Войной опалённая память - стр. 22
Тареся сказала, что надо сходить в Омельно и все узнать у Юдыцких. Омельно от нас в 15 километрах. На следующий день я отправилась туда. Дождь, слякоть, ноги потрескались, сил было мало, но я шла через Поречье, Омеленский лес, никто меня не останавливал.
Юдыцкие жили на панском дворе. Молодой Юдыцкой не было, она с четырехмесячным грудным ребенком уехала в Пуховичи. Дома была мать, ее перед этим грабили полицаи и побили.
Я дождалась молодой Юдыцкой. Она говорит, что была в Бобруйске, где сидит ее муж – староста за подозрение в помощи партизанам. Там она видела И. И. Коско, который передал записку для семьи, но она в пеленках не сохранилась. Пробирается в свою партизанскую зону.

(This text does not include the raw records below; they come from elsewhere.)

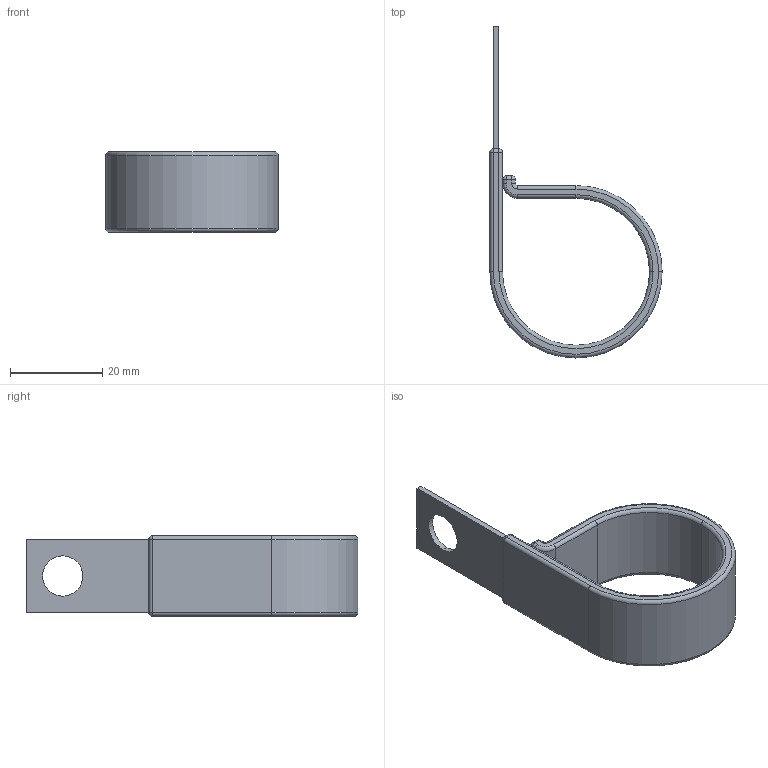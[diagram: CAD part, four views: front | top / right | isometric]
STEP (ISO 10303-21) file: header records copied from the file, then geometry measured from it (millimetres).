
FILE_DESCRIPTION (( 'STEP AP214' ), '1' );
FILE_NAME ('CJV2111Z1.step', '2018-11-01T21:20:34', ( 'User' ), ( 'Microsoft' ), 'SwSTEP 2.0', 'SolidWorks 2018', '' );
FILE_SCHEMA (( 'AUTOMOTIVE_DESIGN' ));
Length unit declared in the file: inch
Products named in the file (1): CJV2111Z1
Bounding box: 37.29 x 71.81 x 17.4 mm (x, y, z)
Volume: 6341.9 mm3; surface area: 5768.1 mm2
Topology: 1 solids, 1 shells, 62 faces, 140 edges, 72 vertices
Faces by surface type: cylinder 28, plane 14, torus 12, sphere 8
Entity records: 2403 total; most frequent: DIRECTION 330, CARTESIAN_POINT 267, ORIENTED_EDGE 264, AXIS2_PLACEMENT_3D 135, EDGE_CURVE 132, VERTEX_POINT 72, CIRCLE 72, EDGE_LOOP 64

Казалось бы, все прояснилось, но легче не стало. Предпринимать что-либо было невозможно. А может, не муж, может один из его братьев. Их трое.
С надеждой в сердце и неопределенностью в мыслях я ушла от Юдыцких.

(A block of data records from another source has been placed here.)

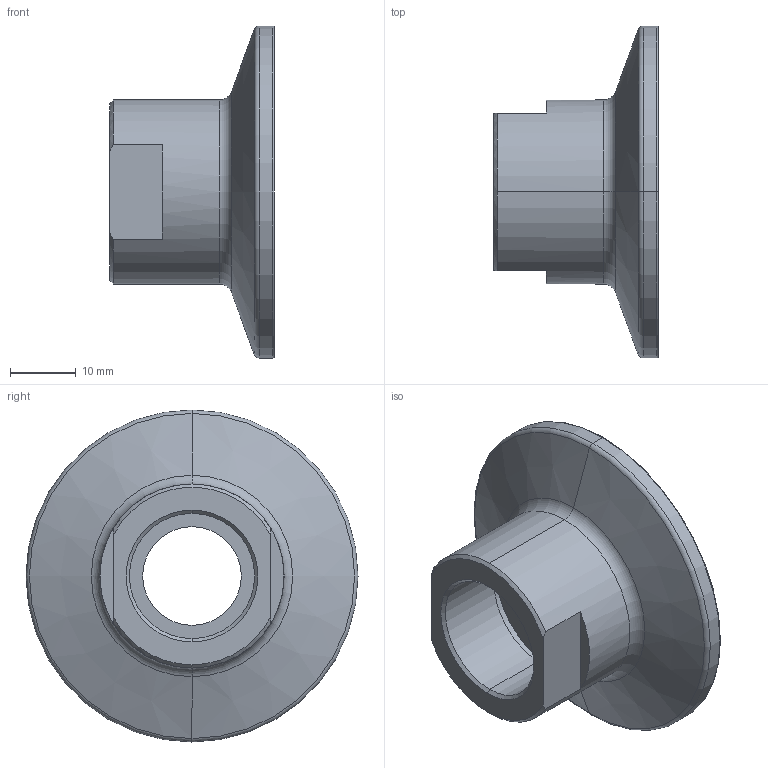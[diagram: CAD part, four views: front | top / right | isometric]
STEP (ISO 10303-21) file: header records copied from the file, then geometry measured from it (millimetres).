
FILE_DESCRIPTION (( 'STEP AP214' ), '1' );
FILE_NAME ('AF.150.050.STEP', '2020-03-26T15:54:49', ( '' ), ( '' ), 'SwSTEP 2.0', 'SolidWorks 2019', '' );
FILE_SCHEMA (( 'AUTOMOTIVE_DESIGN' ));
Length unit declared in the file: millimetre
Products named in the file (1): AF.150.050
Bounding box: 25 x 50.5 x 50.5 mm (x, y, z)
Volume: 11751.2 mm3; surface area: 7280.1 mm2
Topology: 1 solids, 1 shells, 44 faces, 94 edges, 55 vertices
Faces by surface type: cone 13, torus 12, cylinder 10, plane 9
Entity records: 1237 total; most frequent: DIRECTION 241, CARTESIAN_POINT 206, ORIENTED_EDGE 188, AXIS2_PLACEMENT_3D 106, EDGE_CURVE 94, CIRCLE 61, VERTEX_POINT 55, EDGE_LOOP 49
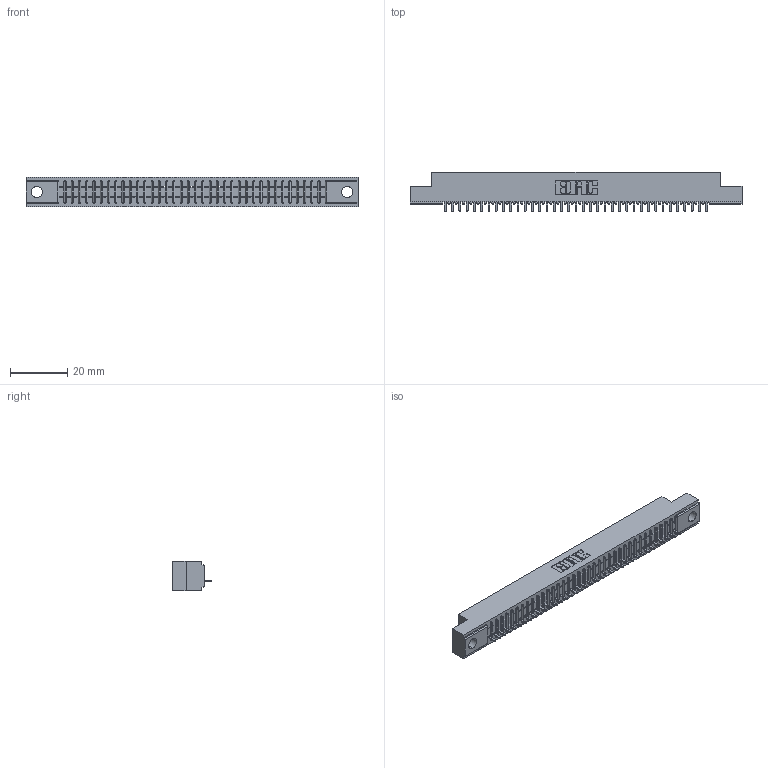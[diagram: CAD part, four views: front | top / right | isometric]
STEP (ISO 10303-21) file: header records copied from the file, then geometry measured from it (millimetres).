
FILE_DESCRIPTION (( 'STEP AP203' ), '1' );
FILE_NAME ('341-037-524-104.STEP', '2018-08-06T23:07:19', ( '' ), ( '' ), 'SwSTEP 2.0', 'SolidWorks 2016', '' );
FILE_SCHEMA (( 'CONFIG_CONTROL_DESIGN' ));
Length unit declared in the file: inch
Products named in the file (3): 341-037-524-104; 341 Part_.156 (3.96) Dia Mounting Holes; 341-292-001_341-292-124
Assembly tree (38 placements, depth 2):
  341-037-524-104
    341 Part_.156 (3.96) Dia Mounting Holes
    341-292-001_341-292-124  x37
Bounding box: 116.2 x 13.64 x 10.16 mm (x, y, z)
Volume: 8202.5 mm3; surface area: 12375.3 mm2
Topology: 38 solids, 38 shells, 3164 faces, 9121 edges, 5854 vertices
Faces by surface type: plane 1969, cylinder 1047, sphere 76, torus 72
Entity records: 44678 total; most frequent: CARTESIAN_POINT 7592, ORIENTED_EDGE 7578, DIRECTION 7325, EDGE_CURVE 3789, LINE 3063, VECTOR 3063, VERTEX_POINT 2398, AXIS2_PLACEMENT_3D 2131
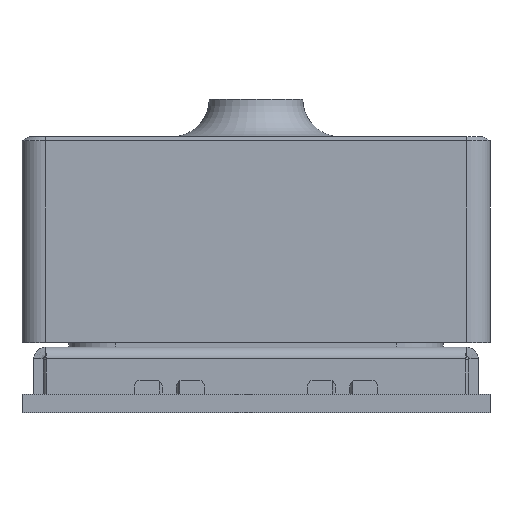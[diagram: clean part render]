
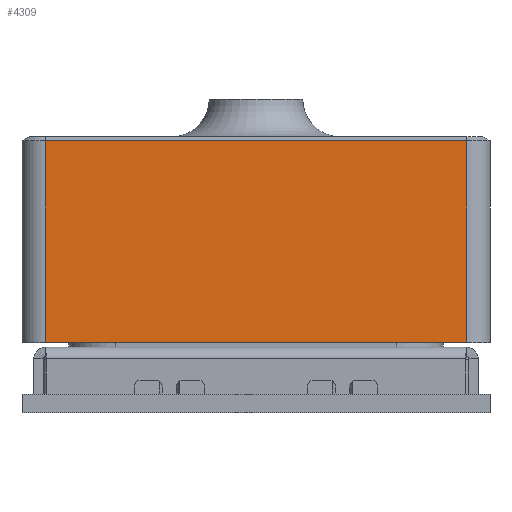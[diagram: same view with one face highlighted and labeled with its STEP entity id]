
A CAD part, front view. The second image highlights one B-rep face of the part: STEP entity #4309.
In plain terms, the highlighted face is planar.
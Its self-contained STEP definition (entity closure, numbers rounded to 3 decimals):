
#453=ORIENTED_EDGE('',*,*,#1634,.T.);
#454=ORIENTED_EDGE('',*,*,#1627,.T.);
#455=ORIENTED_EDGE('',*,*,#1642,.T.);
#456=ORIENTED_EDGE('',*,*,#1647,.T.);
#1627=EDGE_CURVE('',#2238,#2240,#2632,.T.);
#1634=EDGE_CURVE('',#2244,#2238,#2637,.T.);
#1642=EDGE_CURVE('',#2240,#2249,#2642,.T.);
#1647=EDGE_CURVE('',#2249,#2244,#2646,.T.);
#2238=VERTEX_POINT('',#6396);
#2240=VERTEX_POINT('',#6404);
#2244=VERTEX_POINT('',#6420);
#2249=VERTEX_POINT('',#6436);
#2632=LINE('',#6405,#3104);
#2637=LINE('',#6419,#3109);
#2642=LINE('',#6435,#3114);
#2646=LINE('',#6445,#3118);
#3104=VECTOR('',#5147,1000.);
#3109=VECTOR('',#5164,1000.);
#3114=VECTOR('',#5181,1000.);
#3118=VECTOR('',#5193,1000.);
#3569=EDGE_LOOP('',(#453,#454,#455,#456));
#3861=FACE_BOUND('',#3569,.T.);
#4126=PLANE('',#4668);
#4309=ADVANCED_FACE('',(#3861),#4126,.F.);
#4668=AXIS2_PLACEMENT_3D('',#6444,#5191,#5192);
#5147=DIRECTION('',(1.,0.,0.));
#5164=DIRECTION('',(0.,1.,0.));
#5181=DIRECTION('',(0.,-1.,0.));
#5191=DIRECTION('',(0.,0.,1.));
#5192=DIRECTION('',(1.,0.,0.));
#5193=DIRECTION('',(-1.,0.,0.));
#6396=CARTESIAN_POINT('',(-4.5,4.313,-5.));
#6404=CARTESIAN_POINT('',(4.5,4.313,-5.));
#6405=CARTESIAN_POINT('',(4.5,4.313,-5.));
#6419=CARTESIAN_POINT('',(-4.5,4.,-5.));
#6420=CARTESIAN_POINT('',(-4.5,0.,-5.));
#6435=CARTESIAN_POINT('',(4.5,4.,-5.));
#6436=CARTESIAN_POINT('',(4.5,0.,-5.));
#6444=CARTESIAN_POINT('',(-5.,4.,-5.));
#6445=CARTESIAN_POINT('',(-5.,0.,-5.));

УПОЛНОМОЧЕННЫЙ ПО ЗАГОТОВКАМ
Враг требовал сдавать продовольствие, грабил наш народ. Вынуждены были сдавать свой урожай и колхозники нашего колхоза имени Свердлова. Уполномоченными по заготовкам по бригаде в деревне Борцы были Иосиф Ачаповский, в Пересельках – Мойсей, в Блащитнике и Турине – Антось. Иные эту миссию выполняли не особенно охотно, а отдельные – с большим рвением.
Как-то осенью 1941 года загрузили мы шесть подвод отборной картошки и мешки с зерном и подготовились на следующий день везти их в район в Гресск оккупационным фашистским властям. Когда перебирали картофель перед погрузкой к женщинам подошли двое незнакомых мужчин в гражданской одежде спокойно разговаривают, расспрашивают о житье-бытье и как будто между прочим интересуются куда направляется зерно и картофель и когда отправляются подводы. Немцам, – ответили смелейшие, ничего не подозревая.

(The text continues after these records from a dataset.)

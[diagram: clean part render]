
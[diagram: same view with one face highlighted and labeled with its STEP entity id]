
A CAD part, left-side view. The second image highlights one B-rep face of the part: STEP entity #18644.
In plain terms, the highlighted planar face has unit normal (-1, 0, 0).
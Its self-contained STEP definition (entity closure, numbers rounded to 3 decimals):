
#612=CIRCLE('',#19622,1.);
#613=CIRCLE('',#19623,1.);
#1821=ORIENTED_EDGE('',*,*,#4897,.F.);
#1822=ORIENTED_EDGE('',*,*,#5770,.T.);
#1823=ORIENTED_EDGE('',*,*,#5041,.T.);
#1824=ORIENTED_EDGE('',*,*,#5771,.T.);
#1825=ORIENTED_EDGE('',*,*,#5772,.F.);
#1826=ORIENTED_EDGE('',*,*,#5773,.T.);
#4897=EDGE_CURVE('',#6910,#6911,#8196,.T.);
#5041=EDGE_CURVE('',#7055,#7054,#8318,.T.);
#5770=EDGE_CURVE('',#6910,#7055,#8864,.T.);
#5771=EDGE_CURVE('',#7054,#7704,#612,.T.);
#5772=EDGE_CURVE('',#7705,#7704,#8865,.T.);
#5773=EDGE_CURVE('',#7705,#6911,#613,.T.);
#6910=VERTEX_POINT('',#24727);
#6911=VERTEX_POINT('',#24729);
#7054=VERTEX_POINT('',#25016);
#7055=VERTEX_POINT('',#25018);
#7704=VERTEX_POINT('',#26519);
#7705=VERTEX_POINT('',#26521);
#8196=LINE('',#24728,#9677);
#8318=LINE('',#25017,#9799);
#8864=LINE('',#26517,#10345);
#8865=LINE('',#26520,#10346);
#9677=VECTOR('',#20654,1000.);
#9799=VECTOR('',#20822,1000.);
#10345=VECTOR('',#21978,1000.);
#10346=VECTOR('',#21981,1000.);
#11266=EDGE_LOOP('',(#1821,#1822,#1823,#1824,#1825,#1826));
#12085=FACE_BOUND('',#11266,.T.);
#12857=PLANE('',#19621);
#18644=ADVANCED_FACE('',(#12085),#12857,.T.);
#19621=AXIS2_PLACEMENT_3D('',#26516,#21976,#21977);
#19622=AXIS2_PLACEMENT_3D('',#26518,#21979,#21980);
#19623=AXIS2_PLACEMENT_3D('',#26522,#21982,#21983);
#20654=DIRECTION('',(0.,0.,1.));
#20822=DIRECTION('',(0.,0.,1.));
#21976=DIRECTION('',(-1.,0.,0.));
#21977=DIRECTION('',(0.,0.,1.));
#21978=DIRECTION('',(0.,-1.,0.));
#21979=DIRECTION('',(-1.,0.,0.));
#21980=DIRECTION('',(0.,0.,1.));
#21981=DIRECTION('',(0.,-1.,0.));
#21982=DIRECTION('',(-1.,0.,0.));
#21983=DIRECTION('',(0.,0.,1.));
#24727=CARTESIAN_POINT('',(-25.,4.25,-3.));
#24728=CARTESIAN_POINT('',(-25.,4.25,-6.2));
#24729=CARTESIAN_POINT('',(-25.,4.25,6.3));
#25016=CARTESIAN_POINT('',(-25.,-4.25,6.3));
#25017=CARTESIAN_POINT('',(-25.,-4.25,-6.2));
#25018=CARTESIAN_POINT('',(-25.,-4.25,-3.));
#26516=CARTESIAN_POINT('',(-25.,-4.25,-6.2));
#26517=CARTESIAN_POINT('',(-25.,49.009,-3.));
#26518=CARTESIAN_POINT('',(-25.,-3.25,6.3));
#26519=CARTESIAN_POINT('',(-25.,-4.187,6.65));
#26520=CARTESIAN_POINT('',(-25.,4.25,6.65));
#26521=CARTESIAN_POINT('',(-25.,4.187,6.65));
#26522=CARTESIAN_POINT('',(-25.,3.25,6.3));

На следующий день повозки с грузом отправились в путь. Ездовыми были Клим Варивончик, Анюта Жуковская ее брат Павлик, и еще один паренек. Замыкал колонну уполномоченный по заготовкам Ачаповский. Спокойно проехали километров десять, проехали и миновали Рудицу и углубились в Гресский лес, как называли у нас в то время лесной массив на юго-запад от Селецка. У Горелого моста с горки в лесу выходят восемь человек военных в шинелях и один в тужурке-кожанке. Старший говорит: – продовольствие заберем, а лошадей вернем, враг его не выращивал.
– Как же мы отчитаемся? – спрашивает Ачаповский. – Надо убежать, – подсказывает Жуковская единственный, как ей казалось выход из такого положения.
– Бежать не надо, – успокаивает командир, – выдадим документы, на повозках и вернетесь. Будет все, как положено. Садитесь на пеньки и отдыхайте.
– Мы поделимся и обедами – предложил Ачаповский и передал часть своих запасов красноармейцам. Так поступили и другие.
Повозки скрылись в густом ельнике. Ездовые расположились на полянке и принялись закусывать. Если выдадут документ, чего же бояться, – произнес уполномоченный по заготовкам.
Долго не пришлось ждать. Вскоре наши подводы показались из леса. Лошади шли легко, продовольствие был выгружено. Извозчикам был вручен документ, и что удивительно – на нем стояла круглая гербовая печать. Оккупационным властям документ объяснял по какой причине задержан обоз с продовольствием. Особенно запомнилось Ачаповскому выражение: «свиньям» продукты не допущены… – Видимо хотели немцы скормить скоту нашу отборную картошку и зерно? – вставила свое мнение его жена Тэкля, когда Ачаповский сорок лет спустя вспоминал это событие.